I'll see you sometime soon Cold Lake.
The night before I left, I went to Dairy King, a non-chain fast-food outlet exclusive to Cold Lake that's mainly frequented by teenagers who aren't old enough to go to the bar, but are sick of sitting in 7-11 every night when they have nothing better to do after 9 pm and nothing else is open.
I ordered a poutine (all the while trying to convince myself that it was acceptable vegetarian behaviour, because they likely use a powder of some sort rather than genuine animal fat). My desire for the poutine didn't come from hunger, or even the munchies, though. The truth is, I ate the fries soaked in thickest gravy imaginable out of sheer nostalgia. Sitting in the drive-thru in my car, I was flooded with memories of being in that exact same spot, not having to worry about the fat content because my 17-year-old metabolic rate was fearless. I thought about all the conversations I'd had sitting in that same spot, and the dates I'd been there with over the years.

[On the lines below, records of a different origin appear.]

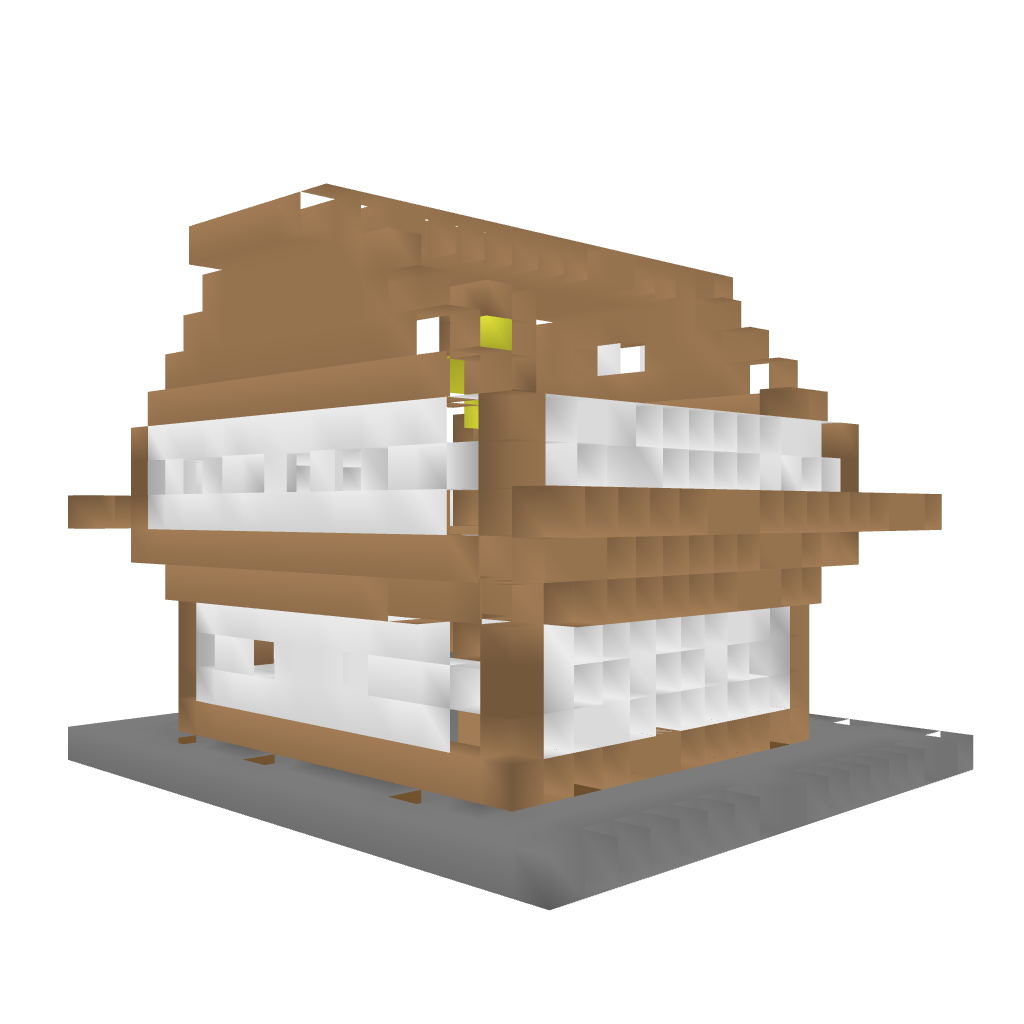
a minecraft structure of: medieval house bad low quality
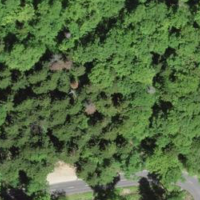
EUNIS habitat code: 44
Species observed at this site:
Melanchra persicariae
Cucullia umbratica
Autographa gamma
Acronicta psi
Euchalcia variabilis
Amphipyra tragopoginis
Agrotis ipsilon
Xestia ashworthii
Anaplectoides prasina
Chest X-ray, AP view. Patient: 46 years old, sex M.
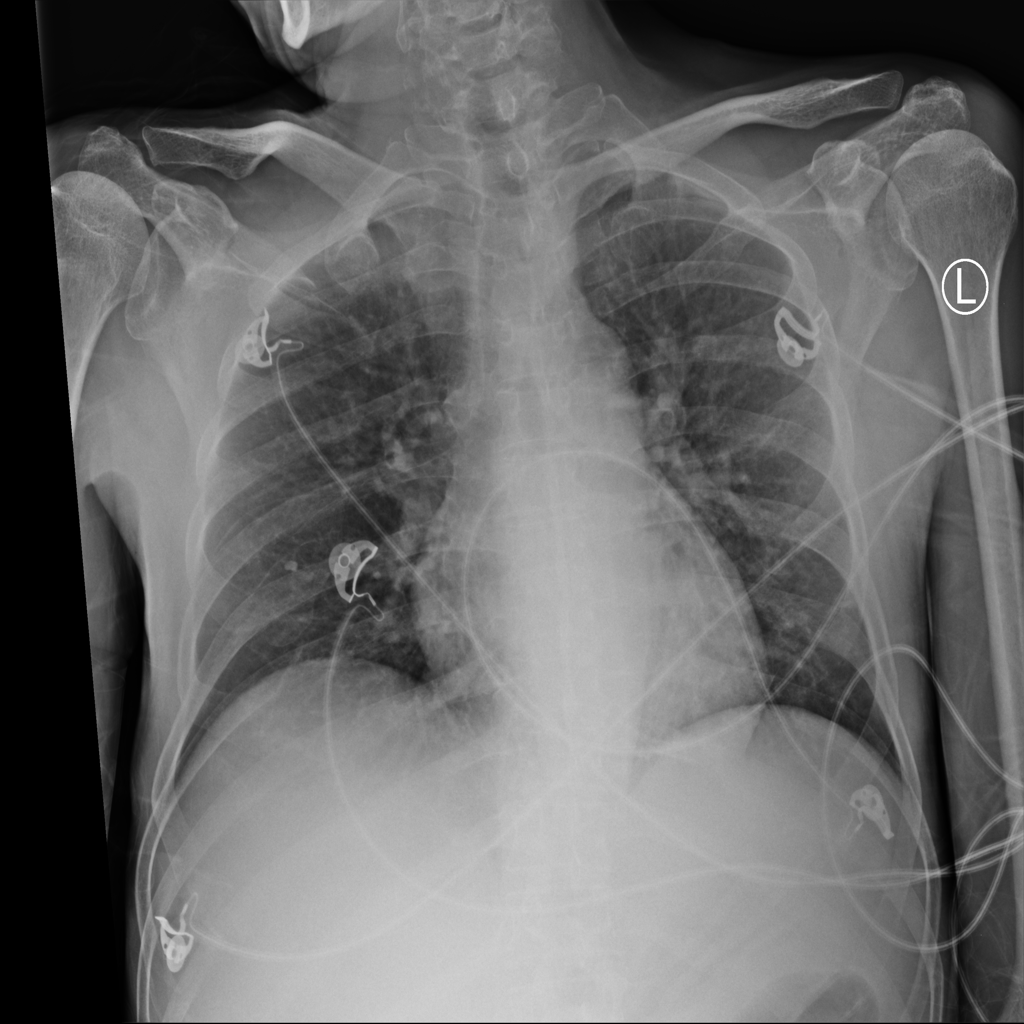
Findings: No Finding
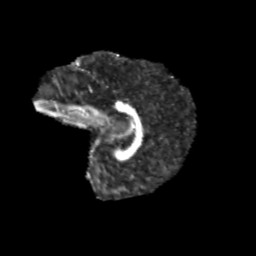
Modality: FA
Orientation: sagittal
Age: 10
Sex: male
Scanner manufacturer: siemens
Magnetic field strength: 3 T
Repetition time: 3.8 s
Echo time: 0.07 s

Yesterday was CCMAS-SD. Basically this meant that I made Alex Dodd spend the entire day with me before I went back to Toronto. We had a planned agenda, a list of activities complete with boxes to be checked off upon completion, itemized by yours truly.
(When I went to have my New Year's fortune told at the Russian tea room this year, the tarot reader told me that my current beau was too boring for me and that I'm truly a fan of spontaneity. I wouldn't disagree with this, but I think my love of the list overpowers my love of the unknown.)
Hey, Alex Dodd, what are we going to do today? I think I might have an idea.
I'm finally ready, willing, and mentally prepared. What do you think?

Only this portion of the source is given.